■ Exercise:
I'd like the records transcribed exactly, leaving the images out.
........
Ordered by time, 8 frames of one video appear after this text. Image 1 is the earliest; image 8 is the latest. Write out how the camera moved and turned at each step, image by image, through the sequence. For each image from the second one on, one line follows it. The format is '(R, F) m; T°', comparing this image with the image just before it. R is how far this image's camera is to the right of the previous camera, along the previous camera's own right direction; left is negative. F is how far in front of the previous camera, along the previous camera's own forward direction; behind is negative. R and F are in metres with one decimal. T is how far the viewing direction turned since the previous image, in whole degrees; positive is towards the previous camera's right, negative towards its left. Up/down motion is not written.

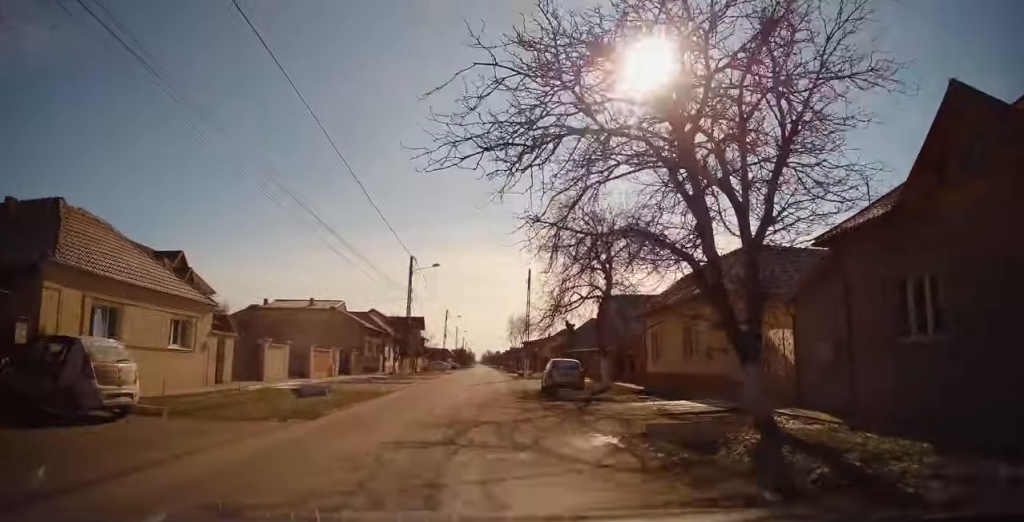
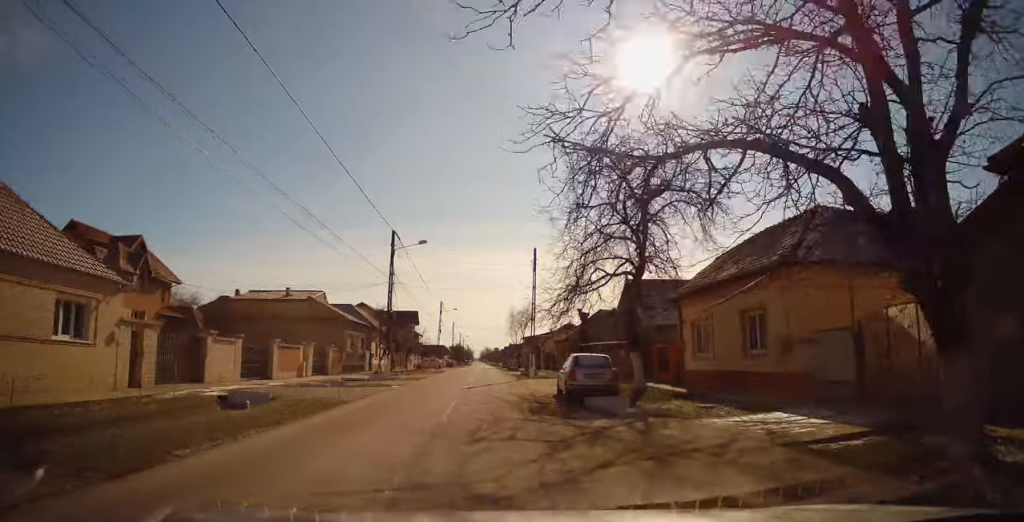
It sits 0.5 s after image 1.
(0.0, +5.8) m; 0°
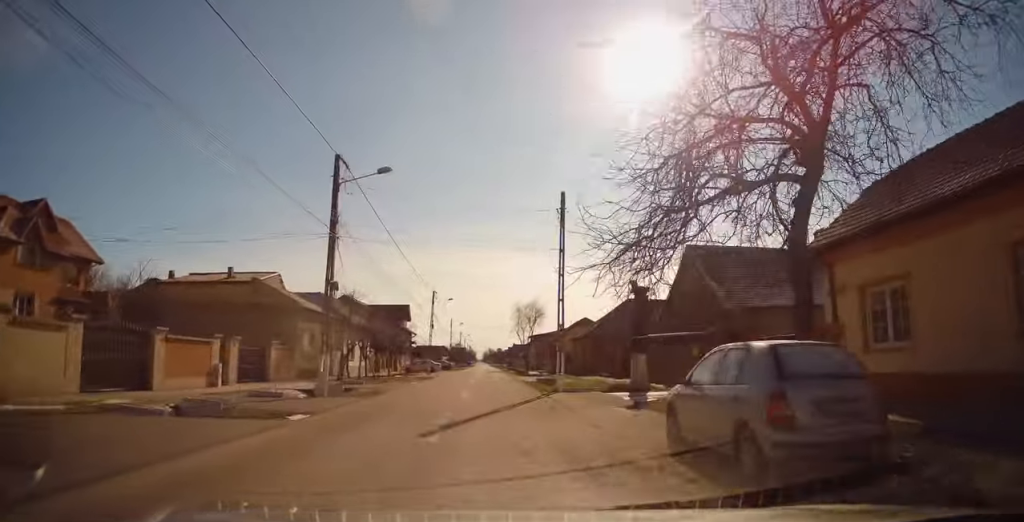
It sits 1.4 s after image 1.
(0.0, +11.3) m; -1°
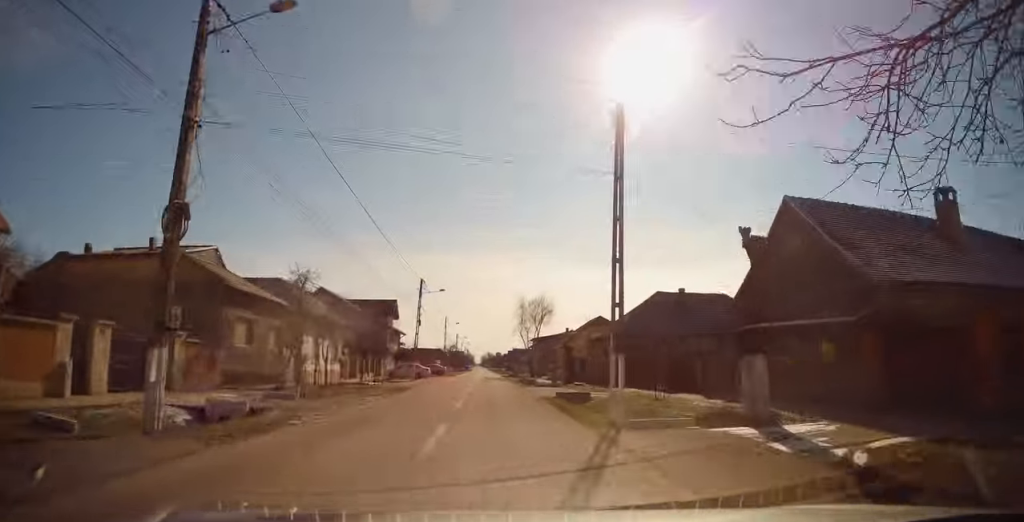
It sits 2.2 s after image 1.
(0.0, +9.4) m; 0°
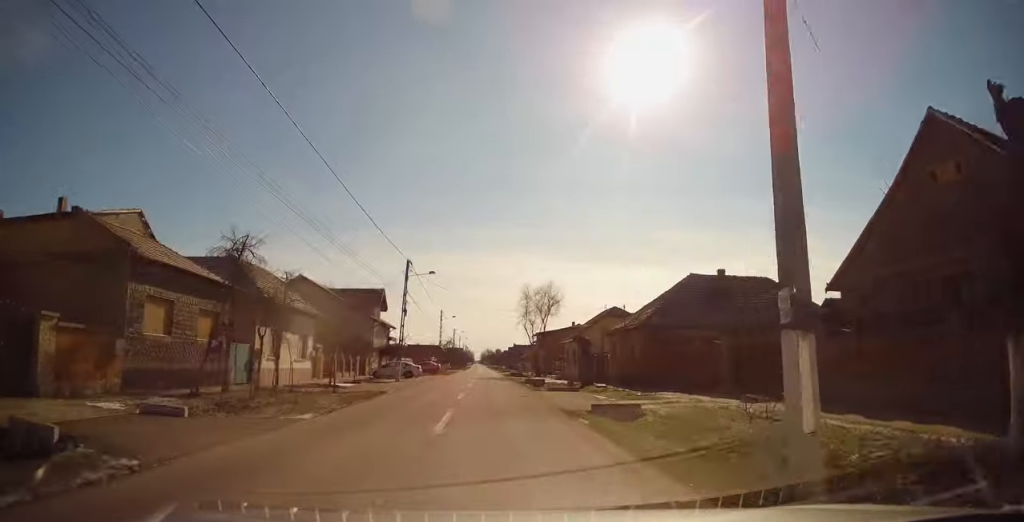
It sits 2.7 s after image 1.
(-0.1, +7.1) m; 0°
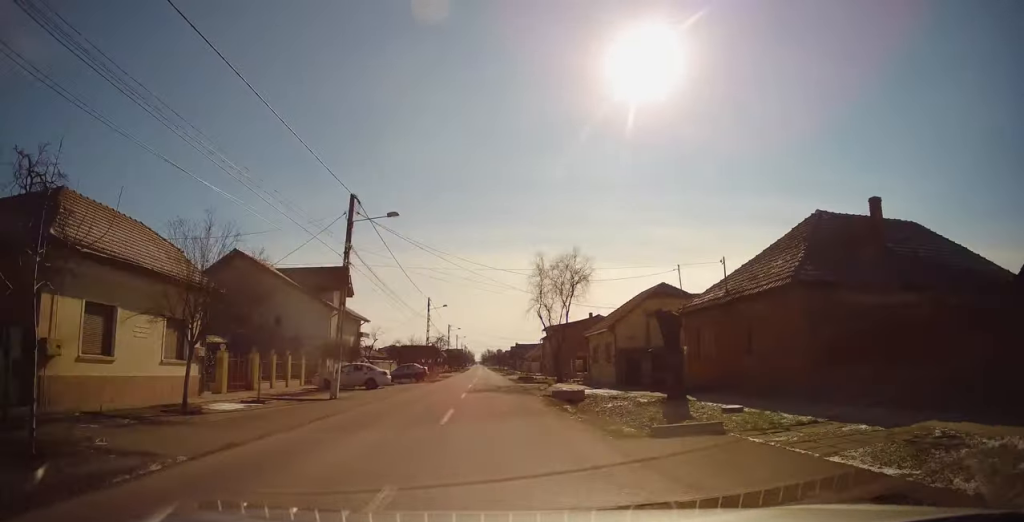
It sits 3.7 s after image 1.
(+0.1, +14.4) m; +1°
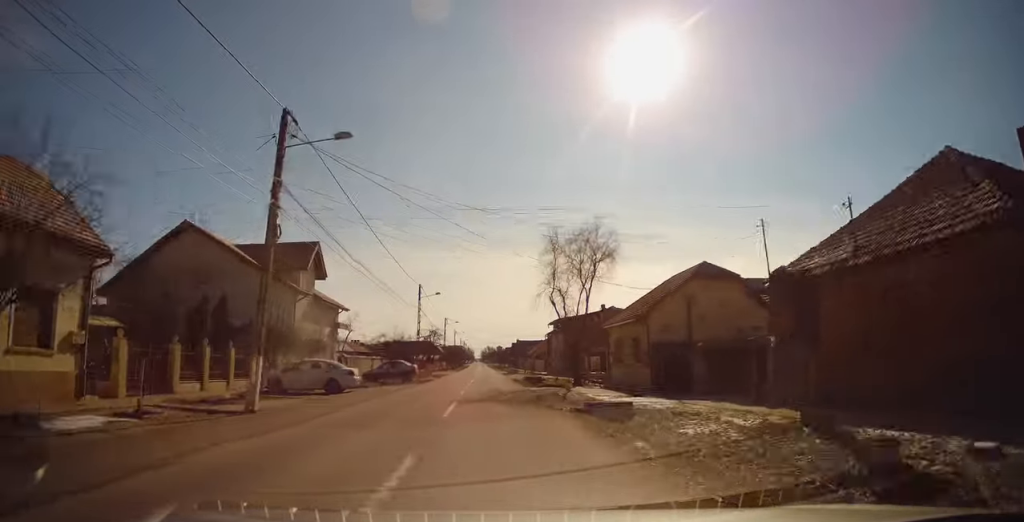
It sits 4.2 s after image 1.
(+0.1, +7.4) m; 0°
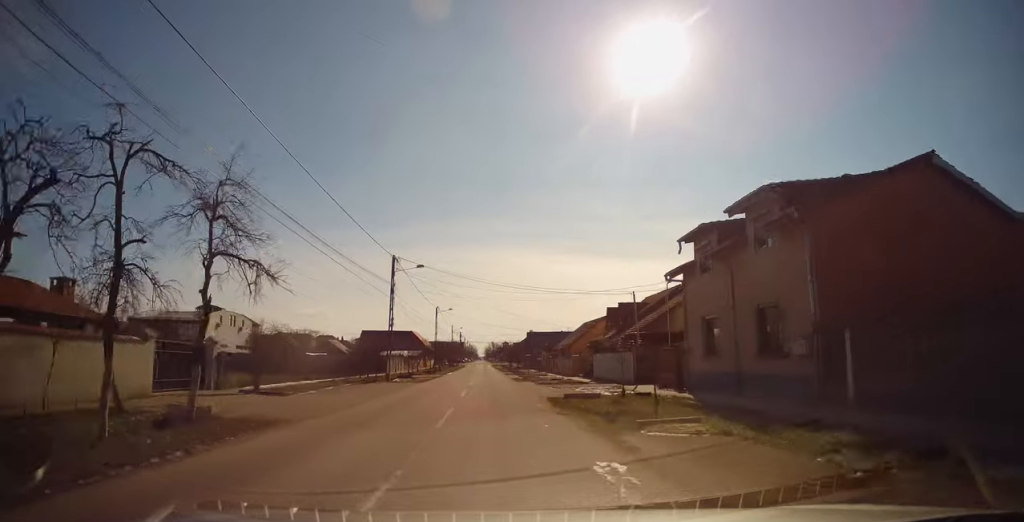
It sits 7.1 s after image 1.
(-0.5, +45.6) m; -1°
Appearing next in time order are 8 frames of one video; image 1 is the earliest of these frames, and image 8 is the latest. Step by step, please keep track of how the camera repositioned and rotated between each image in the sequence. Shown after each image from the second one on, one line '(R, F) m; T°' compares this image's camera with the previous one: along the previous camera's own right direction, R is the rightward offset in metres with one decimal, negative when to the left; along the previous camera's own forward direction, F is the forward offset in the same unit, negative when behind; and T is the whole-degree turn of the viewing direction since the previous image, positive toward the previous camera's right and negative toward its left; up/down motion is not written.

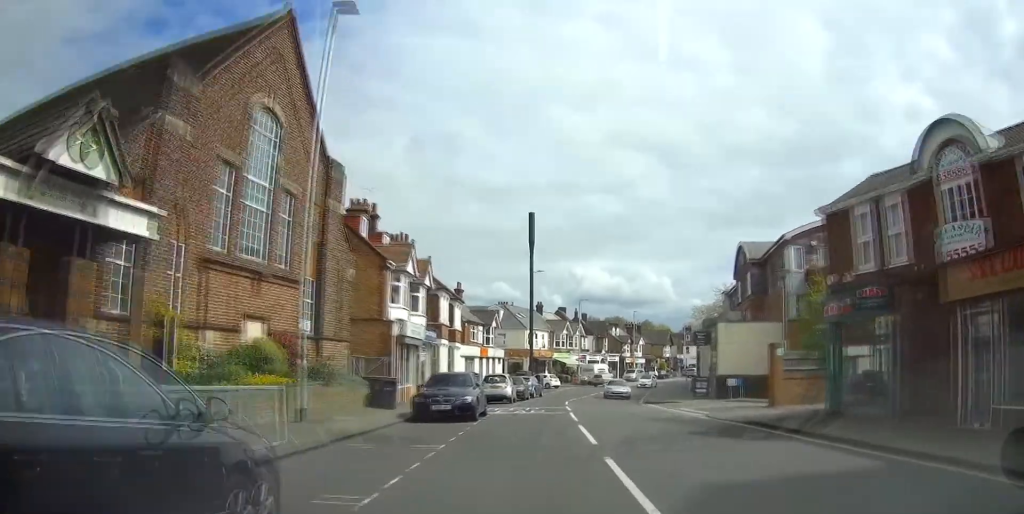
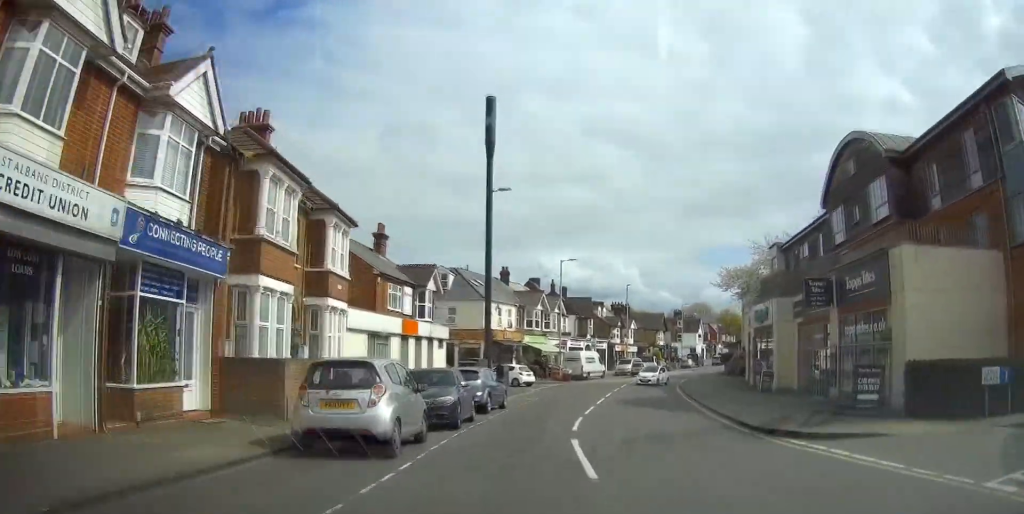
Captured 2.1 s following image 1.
........
■ Result:
Ordered by time, 8 frames of one video appear after this text. Image 1 is the earliest; image 8 is the latest. Write out how the camera moved and turned at each step, image by image, through the sequence. For each image from the second one on, one line follows it. The format is '(R, F) m; T°', comparing this image with the image just before it. R is how far this image's camera is to the right of the previous camera, along the previous camera's own right direction; left is negative. F is how far in front of the previous camera, along the previous camera's own forward direction; behind is negative. R and F are in metres with one decimal. T is how far the viewing direction turned since the previous image, in whole degrees; positive is towards the previous camera's right, negative towards its left. Up/down motion is not written.

It sits 0.5 s after image 1.
(0.0, +5.8) m; 0°
It sits 1.4 s after image 1.
(0.0, +11.3) m; -1°
It sits 2.2 s after image 1.
(0.0, +9.4) m; 0°
It sits 2.7 s after image 1.
(-0.1, +7.1) m; 0°
It sits 3.7 s after image 1.
(+0.1, +14.4) m; +1°
It sits 4.2 s after image 1.
(+0.1, +7.4) m; 0°
It sits 7.1 s after image 1.
(-0.5, +45.6) m; -1°
Appearing next in time order are 8 frames of one video; image 1 is the earliest of these frames, and image 8 is the latest. Step by step, please keep track of how the camera repositioned and rotated between each image in the sequence. Shown after each image from the second one on, one line '(R, F) m; T°' compares this image's camera with the previous one: along the previous camera's own right direction, R is the rightward offset in metres with one decimal, negative when to the left; along the previous camera's own forward direction, F is the forward offset in the same unit, negative when behind; and T is the whole-degree turn of the viewing direction since the previous image, positive toward the previous camera's right and negative toward its left; up/down motion is not written.

Captured 2.1 s following image 1.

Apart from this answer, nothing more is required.